Crítica: O Último Desafio (2013)

the-last-stand-2013O retorno de Arnold Schwarzenegger como protagonista não poderia ser melhor. Após uma longa ausência, o ator austríaco mostrou que não perdeu o carisma e nem a presença na tela. O Último Desafio não é uma obra-prima, mas é entretenimento de qualidade para quem procura por boas cenas de ação, violência e humor.

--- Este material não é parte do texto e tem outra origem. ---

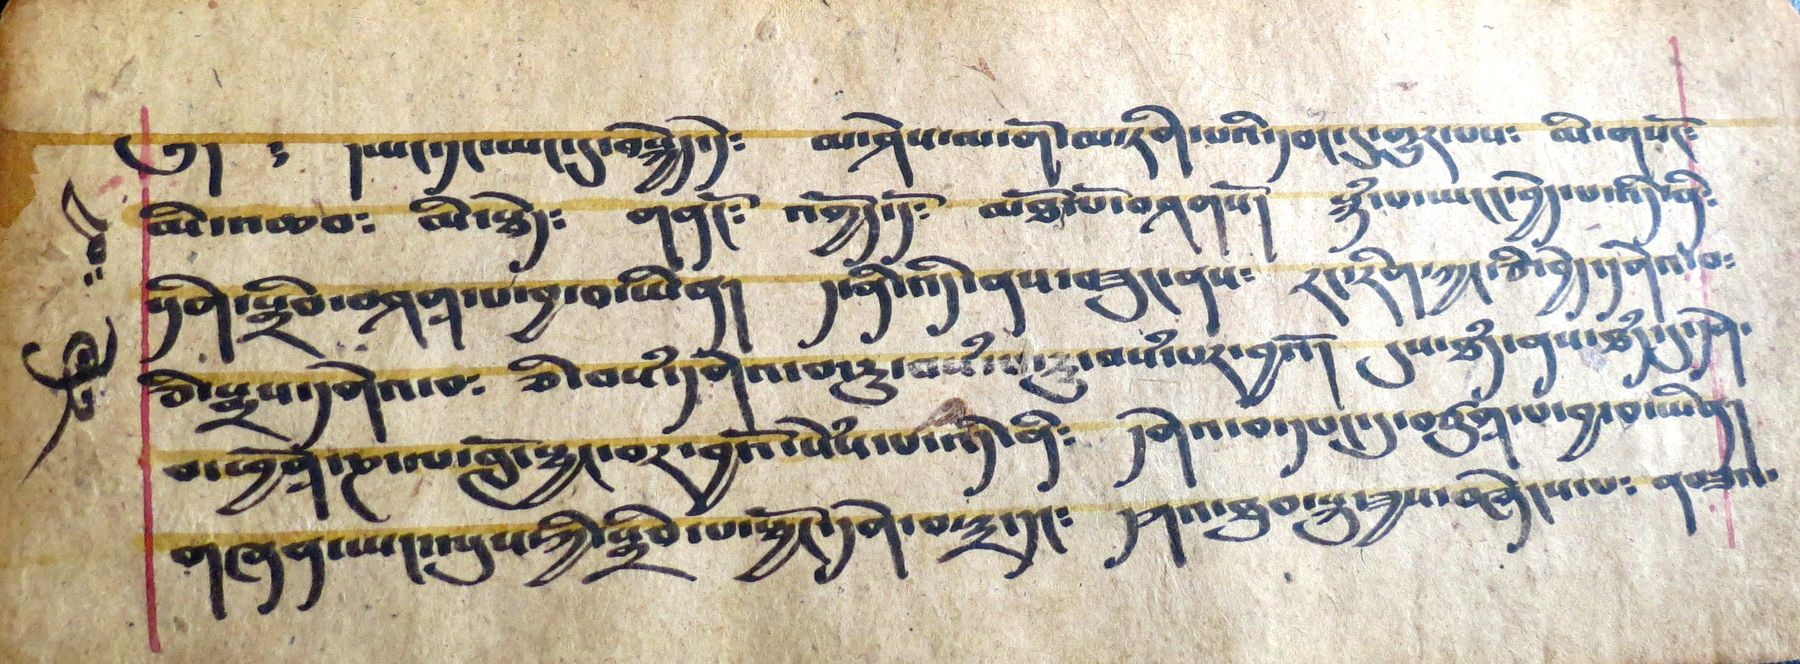ཡང་དང་ཡང་དུ་བསྐྱེད་ཅིང་། མ་ཤེས་མ་གོ་མ་རིག་པའི་དབང་དུ་གྱུར་པ་མི་གསང་ངོ་། 
མི་འཆབ་བོ། མི་སྦེད་དོ། གནོང་ངོ་འགྱོད་དོ། མཐོལ་ལོ། བཤགས་སོ། སྙམ་པ་ཡང་ཡང་བྱེད་པ་འདི་ནི་
སྡིག་སྒྲིབ་བཤགས་པ་བྱ་བ་ཡིན། ད་ནི་འདི་ནས་བཟུང་ནས། རང་གིས་ཀྱང་ཅི་བྱེད་དགེ་བ། 
ཅི་སྨྲས་དགེ་བ། ཅི་བསམ་དགེ་བ་རུ་བསམ་པར་བྱའོ། དུས་ཐམས་ཅད་ནས་ཐམས་ཅད་དུ་དགེ་
བ་ཕྱོགས་མེད་ལ་བློ་སྦྱང་བར་བྱའོ། བར་བསམ་པ་ནི་དགེ་བ་དཔང་དུ་བཙུགས་པ་བྱ་བ་ཡིན། 
གཞན་ཡང་ལུས་ཀྱི་སྒྲིབ་སྦྱོང་དགེ་བ་གསུམ་དང་། དཀའ་ཐུབ་སྐུ་གཟུགས་བཞེངས་པ་ན་བཟའ་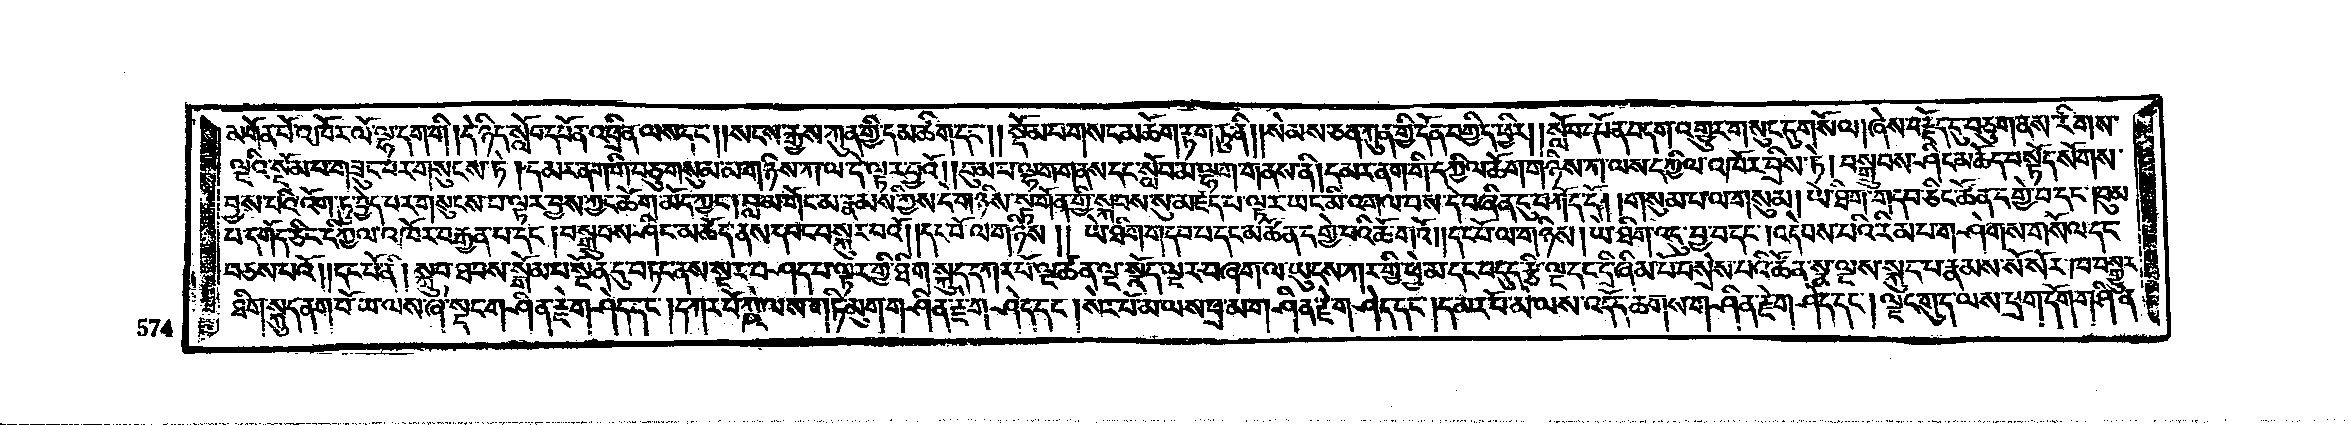མགོན་པོ་འཁོར་ལོ་ལྷ་དག་གི །དེ་ཉིད་སློབ་དཔོན་འཕྲིན་ལས་དང་། །སངས་རྒྱས་ཀུན་གྱི་དམ་ཚིག་དང་། །སྡོམ་པ་གསང་མཆོག་རྟག་ཏུ་ནི། །སེམས་ཅན་ཀུན་གྱི་དོན་བགྱིད་ཕྱིར། །སློབ་དཔོན་བདག་འགྱུར་གསུང་དུ་གསོལ། ཞེས་བརྗོད་དུ་བཅུག་ནས་རིགས་
ལྔའི་སྡོམ་པ་གཟུང་བར་གསུངས་ཏེ། དམར་ནག་གི་བཅུ་གསུམ་མ་གཉིས་ཀ་ལ་དེ་ལྟར་བྱའོ། །བུམ་པ་ལྷག་གནས་དང་སློབ་མ་ལྷག་གནས་ནི། དམར་ནག་གི་དཀྱིལ་ཆོག་གཉིས་ཀ་ལས་དཀྱིལ་འཁོར་བྲིས་ཏེ། བསྒྲུབས་ཤིང་མཆོད་བསྟོད་སོགས་
བྱས་པའི་འོག་ཏུ་བྱེད་པར་གསུངས་པ་ལྟར་བྱས་ཀྱང་ཆོག་མོད་ཀྱང་། བླ་མ་གོང་མ་རྣམས་ཀྱིས་དེ་གཉིས་སྟ་གོན་གྱི་སྐབས་སུ་མཛད་པ་ལྟར་ཡང་མི་འགལ་བས་དེ་བཞིན་དུ་བཀོད་དོ། །གསུམ་པ་ལ་གསུམ། ཡེ་ཐིག་གདབ་ཅིང་ཚོན་དགྱེ་བ་དང་བུམ་
པ་དགོད་ཅིང་དཀྱིལ་འཁོར་བརྒྱན་པ་དང་། བསྒྲུབས་ཤིང་མཆོད་ནས་དབང་བསྐུར་བའོ། །དང་པོ་ལ་གཉིས། །ཡེ་ཐིག་གདབ་པ་དང་མཚོན་དགྱེ་བའི་ཆོ་གའོ། །དང་པོ་ལ་གཉིས། ཡེ་ཐིག་འདུ་བྱ་བ་དང་། འདེབས་པའི་རིམ་པ་གཤེགས་གསོལ་དང་
བཅས་པའོ། །དང་པོ་ནི། སྒྲུབ་ཐབས་སྒོམ་པ་སྔོན་དུ་བཏང་ནས་སྔར་བཤད་པ་ལྟར་གྱི་ཐིག་སྐུད་དཀར་པོ་ལྔ་ཚན་ལྔ་སྣོད་ལྔར་བཞག་ལ་ཡུངས་ཀར་གྱི་ཕྱེ་མ་དང་བདུད་རྩི་ལྔ་དང་དྲི་ཞིམ་པོ་བསྲེས་པའི་ཚོན་སྣ་ལྔས་སྐུད་པ་རྣམས་སོ་སོར་ཁ་བསྒྱུར་
ཐིག་སྐུད་ནག་པོ་ཡ་ལས་ཞེ་སྡང་གཤིན་རྗེ་གཤེད་དང་། དཀར་པོ་ཀྵེ་ལས་གཏི་མུག་གཤིན་རྗེ་གཤེད་དང་། སེར་པོ་མ་ལས་ཕྲ་མ་གཤིན་རྗེ་གཤེད་དང་། དམར་པོ་མ་ལས་འདོད་ཆགས་གཤིན་རྗེ་གཤེད་དང་། ལྗང་གུ་དེ་ལས་ཕྲག་དོག་གཤིན་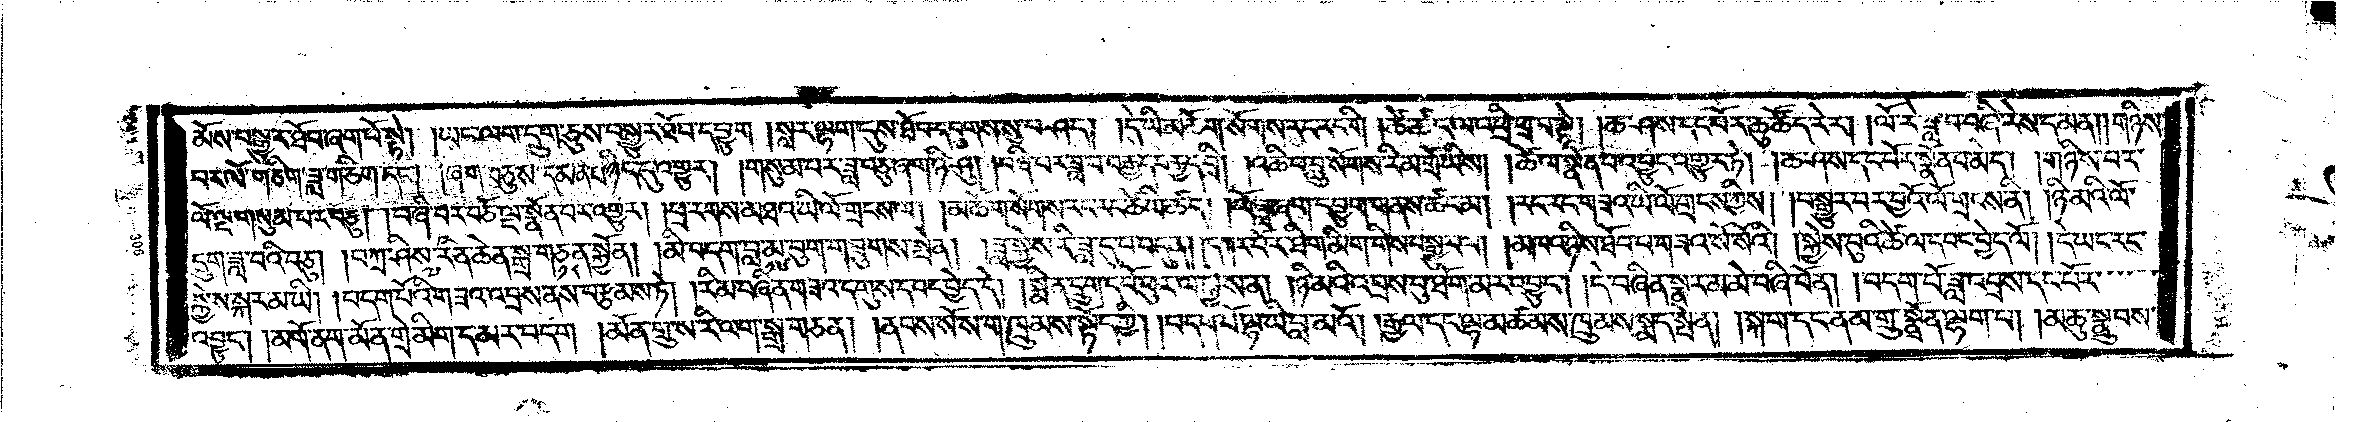མོས་བསྒྱུར་ཐོབ་ཞག་པོ་སྟེ། །ཡང་ལག་དྲུག་ཅུས་བསྒྱུར་ཐོབ་དབྱུག །སླར་ལྷག་དུས་ཐོབ་དབུགས་སུ་བཤད། །དེ་ཡི་མཆོག་སོགས་རང་རང་གི །ཚེ་ཚད་ལ་འཕྲི་ཕྲ་བ་སྟེ། །ཆ་ཤས་དང་པོར་ཆུ་ཚོད་རེར། །ལོ་རེ་བླ་བ་བཞི་རེས་དམན། །གཉིས་
བར་ལོ་གཅིག་ཟླ་གཅིག་དང་། །ཞག་བཅུས་དམན་པ་ཉིད་དུ་འགྱུར། །གསུམ་པར་ཟླ་བཅུ་ཞག་ཉི་ཤུ། །བཞི་པར་ཟླ་བ་བརྒྱད་བརྒྱད་བྲི། །འཆི་བ་བླུ་སོགས་རིམ་གྲོ་ཡིས། །ཚེ་ལ་སྣོན་པ་འབྱུང་འགྱུར་ཏེ། །ཆ་ཤས་དང་པོར་སྣོན་པ་མེད། །གཉིས་པར་
ལོ་ལྔ་གསུམ་པར་བཅུ། །བཞི་བར་བཅོ་ལྔ་སྣོན་པར་འགྱུར། །ཕྲ་རགས་མཐའ་ཡི་ལོ་གྲངས་བ། །མཆོག་སོགས་རང་རང་ཚེ་ཡི་ཚད། །ལོ་ཟླ་ཞག་དབྱུག་གནས་ཚང་མ། །རང་རང་གཟའ་ཡི་ལོ་གྲངས་ཀྱིས། །བསྒྱུར་བར་བྱའོ་ལོ་གྲངས་ནི། །ཉི་མའི་ལོ་
དྲུག་ཟླ་བའི་བཅུ། །བཀྲ་ཤིས་རིན་ཆེན་སྒྲ་གཅན་སྐྱོན། །མི་བདག་བླ་མ་བུག་གཟུགས་སྤེན། །ཟླ་སྐྱེས་རི་ཟླ་དུ་བ་བདུན། །དཀར་པོར་ཐིག་མིག་གིས་བསྒྱུར་ལ། །མཁའ་ཉིས་ཐོབ་པ་གཟའ་སོ་སོའི། །སྐྱེས་བུའི་ཚེ་ལ་དབང་བྱེད་ལོ། །དེ་ཡང་རང་
སྐྱེས་སྐར་མ་ཡི། །བདག་པོའི་གཟའ་འབྲས་ནས་བརྩམས་ཏེ། །རིམ་བཞིན་གཟའ་དགུས་དབང་བྱེད་དེ། །སྨིན་དགུང་པོ་ཕུར་ལ་སྐྱེས་ན། །ཉི་མའི་འབྲས་བུ་ཐོག་མར་འབྱུང་། །དེ་བཞིན་སྣར་མ་མེ་བཞི་པོ་ན། །བདག་པོ་ཟླ་འབྲས་དང་པོར་
འབྱུང་། །མགོ་ནག་མོན་གྲེ་མིག་དམར་བདག །མོན་གྲུ་ས་རི་ལག་སྒྲ་གཅན། །ནབས་སོ་ས་ག་ཁྲུམས་སྟོད་ཀྱི། །བདག་པོ་ལྷ་ཡི་བླ་མའོ། །རྒྱལ་དང་ལྷ་མཚམས་ཁྲུམས་སྨད་སྤེན། །སྐག་དང་ནམ་གྲུ་སྣོན་ལྷག་པ། །མཆུ་སྣུབས་

Talvez um tanto apagado pelo nome de Schwarzenegger, devemos ressaltar a presença do diretor sul-coreano Kim Jee-Woon. Ele chamou a atenção no ótimo e perturbador Eu Vi O Diabo, que possuia uma trama criativa e cenas de gore extremo. A transição para o cinema hollywoodiano fez Kim Jee-Woon pegar um pouco mais leve, mas o sangue não deixa de jorrar vermelho e rutilante em O Último Desafio. Além de tudo, fica clara a segurança do diretor na concepção das sequências de perseguições de carros, sempre buscando ângulos e movimentos de câmera que aumentam o impacto das cenas.

A história, no entanto, é bem absurda. Envolve um traficante que consegue escapar da polícia e está no caminho de uma cidadezinha onde acredita que poderá atravessar a fronteira para o México. Mas quem está trabalhando como xerife do local é Ray Owens (Schwarzenegger), que obviamente vai fazer de tudo para impedi-lo.

Esperem por clichês, forçadas de barra e reviravoltas supostamente surpreendentes, mas também por detalhes que adicionam humor e enriquecem o filme.

Não podemos esperar algo realmente sério quando temos o típico vilão malvado por excelência ou quando um bandido resolver usar um lança-míssil em cima dos pacatos policiais, não é? O jeito é entrar na onda e foi justamente o que eu fiz. Como não rir ao ouvir alguém dizer que “temos um psicopata em um batmóvel” ou ao ver o personagem de Arnold botar um óculos para poder ler e reclamar da idade? Existem outros momentos bem divertidos, além de inusitadas e intensas cenas de morte.

Acho que vocês já sabem o que esperar de O Último Desafio, filme que me surpreendeu de uma maneira bem positiva.